Encore un coup de chaud pour la route de la corniche entre Ciboure et Hendaye : la falaise s’effrite, l’asphalte trinque et la départementale 912 fait grise mine entre le camping Juancho et le blockhaus. Résultat, ça phosphore sec dans les bureaux : État, communes, Département, agglo et Conservatoire du littoral se creusent la tête pour éviter que la route ne finisse à la flotte. L’idée sur la table ? Décaler la chaussée dans les terres, par petits bouts, sur six tronçons. Pas gravé dans le marbre, mais clairement dans les tuyaux.
Pour faire bouger le bitume, il faut du terrain, et certains jouent le jeu. À Urrugne, l’agricultrice Josiane Etcheverze a donné son feu vert pour céder quelques mètres de son champ : 663 m² à un euro le mètre carré. Une broutille niveau surface, mais un gros coup de pouce pour garder la route en vie. Parce que sans elle, c’est simple : isolement total, moins de passage, et adieu les clients qui viennent chercher le lait à la ferme.

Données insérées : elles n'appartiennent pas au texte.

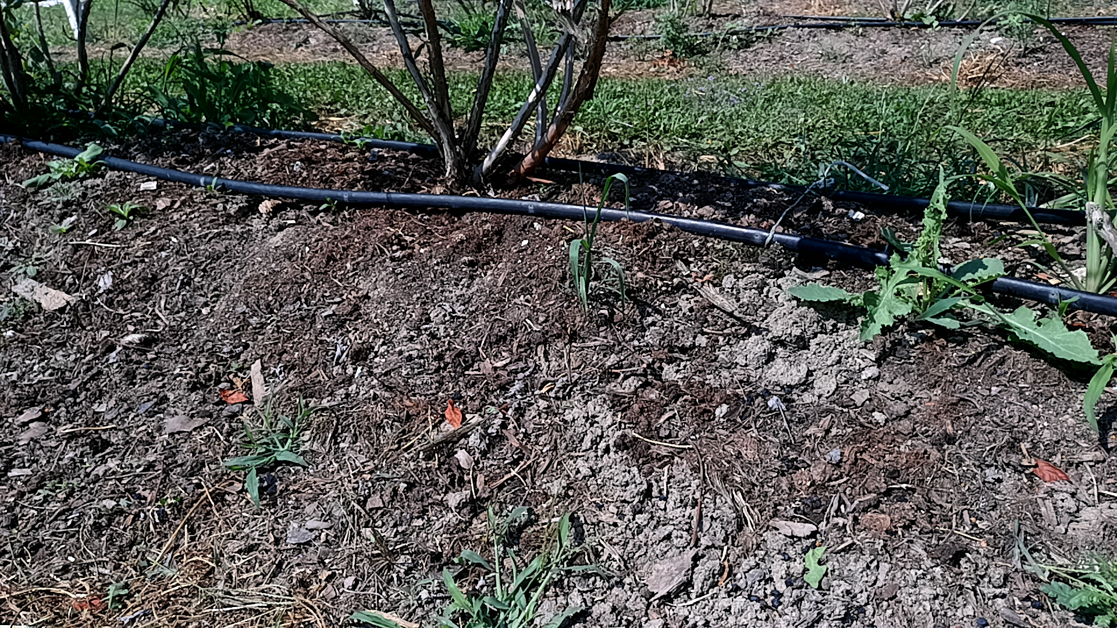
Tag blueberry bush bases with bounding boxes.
[5,48,150,161]
[873,3,967,34]
[388,85,599,224]

Un voisin, lui, lâche carrément 2 600 m². Autant dire qu’on ne parle plus de grignotage, mais presque d’un vrai casse-croûte foncier.
De son côté, le Conservatoire du littoral a aussi dit banco pour prêter temporairement deux morceaux de terrain pourtant ultra-protégés. Attention, prêt sous conditions : si Paris valide, la route pourra passer… mais avec clause de revoyure dans dix ans, histoire de rendre la nature à la nature. En attendant mieux, comme des transports costauds type RER basque, histoire de soulager la corniche. Les travaux, eux, ne sont pas pour demain : pas avant deux ans, le temps de tamponner tous les papiers. Bref, la route n’est pas sauvée, mais elle n’est pas encore bonne pour la casse.